--- START ---

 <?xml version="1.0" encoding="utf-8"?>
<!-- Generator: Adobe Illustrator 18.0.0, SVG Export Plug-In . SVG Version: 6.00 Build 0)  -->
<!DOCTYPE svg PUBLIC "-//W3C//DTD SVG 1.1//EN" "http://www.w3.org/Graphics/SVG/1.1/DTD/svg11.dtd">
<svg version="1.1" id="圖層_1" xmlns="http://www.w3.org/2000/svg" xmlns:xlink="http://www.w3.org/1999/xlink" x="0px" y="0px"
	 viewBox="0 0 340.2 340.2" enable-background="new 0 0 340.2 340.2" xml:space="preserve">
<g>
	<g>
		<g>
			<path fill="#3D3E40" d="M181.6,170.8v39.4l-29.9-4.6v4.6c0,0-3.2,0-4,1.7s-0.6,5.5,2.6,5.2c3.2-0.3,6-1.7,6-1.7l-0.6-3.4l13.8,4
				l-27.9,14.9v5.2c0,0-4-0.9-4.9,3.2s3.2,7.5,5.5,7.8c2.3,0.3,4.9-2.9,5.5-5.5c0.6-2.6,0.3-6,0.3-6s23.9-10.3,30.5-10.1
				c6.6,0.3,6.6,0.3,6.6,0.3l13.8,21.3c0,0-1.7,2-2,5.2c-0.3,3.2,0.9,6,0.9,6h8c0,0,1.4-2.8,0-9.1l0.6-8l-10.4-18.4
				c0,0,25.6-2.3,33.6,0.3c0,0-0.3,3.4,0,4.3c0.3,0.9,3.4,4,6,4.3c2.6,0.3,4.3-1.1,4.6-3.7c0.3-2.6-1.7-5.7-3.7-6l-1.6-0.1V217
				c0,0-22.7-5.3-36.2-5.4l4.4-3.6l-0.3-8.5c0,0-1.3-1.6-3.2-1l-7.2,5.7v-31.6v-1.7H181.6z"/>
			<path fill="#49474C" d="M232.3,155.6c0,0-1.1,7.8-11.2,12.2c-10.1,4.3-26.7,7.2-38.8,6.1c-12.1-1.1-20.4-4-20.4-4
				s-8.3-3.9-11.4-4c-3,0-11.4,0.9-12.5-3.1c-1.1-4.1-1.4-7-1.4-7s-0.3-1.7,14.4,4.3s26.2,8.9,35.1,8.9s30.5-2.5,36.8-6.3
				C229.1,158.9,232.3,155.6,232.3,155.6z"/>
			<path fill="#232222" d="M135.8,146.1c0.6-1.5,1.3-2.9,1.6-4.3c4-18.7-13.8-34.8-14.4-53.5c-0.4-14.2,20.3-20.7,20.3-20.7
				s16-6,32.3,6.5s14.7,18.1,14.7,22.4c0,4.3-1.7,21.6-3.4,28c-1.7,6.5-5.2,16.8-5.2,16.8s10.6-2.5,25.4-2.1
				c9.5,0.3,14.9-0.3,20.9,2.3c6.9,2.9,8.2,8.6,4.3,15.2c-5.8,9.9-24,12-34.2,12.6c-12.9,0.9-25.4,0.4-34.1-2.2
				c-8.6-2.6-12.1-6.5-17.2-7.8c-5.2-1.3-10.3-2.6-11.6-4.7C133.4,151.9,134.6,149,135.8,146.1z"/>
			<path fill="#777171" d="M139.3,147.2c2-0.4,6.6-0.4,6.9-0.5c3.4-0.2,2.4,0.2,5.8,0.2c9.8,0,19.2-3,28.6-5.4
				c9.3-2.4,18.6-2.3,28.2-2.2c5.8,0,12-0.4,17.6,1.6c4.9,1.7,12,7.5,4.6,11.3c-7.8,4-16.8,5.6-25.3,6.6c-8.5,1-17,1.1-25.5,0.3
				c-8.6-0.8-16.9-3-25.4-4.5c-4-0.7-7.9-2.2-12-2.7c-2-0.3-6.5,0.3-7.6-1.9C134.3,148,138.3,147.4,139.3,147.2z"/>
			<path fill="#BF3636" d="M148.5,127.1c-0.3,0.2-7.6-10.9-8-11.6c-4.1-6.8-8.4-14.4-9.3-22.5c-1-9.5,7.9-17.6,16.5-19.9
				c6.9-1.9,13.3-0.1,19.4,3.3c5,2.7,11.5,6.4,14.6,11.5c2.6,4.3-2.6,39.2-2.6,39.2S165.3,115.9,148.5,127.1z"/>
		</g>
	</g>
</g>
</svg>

--- END ---

_PROBLEM TO SOLVE_
The expected answer is a copy of each line in the records that holds the word "http".

_ANSWER TO THIS EXERCISE_
<!DOCTYPE svg PUBLIC "-//W3C//DTD SVG 1.1//EN" "http://www.w3.org/Graphics/SVG/1.1/DTD/svg11.dtd">
<svg version="1.1" id="圖層_1" xmlns="http://www.w3.org/2000/svg" xmlns:xlink="http://www.w3.org/1999/xlink" x="0px" y="0px"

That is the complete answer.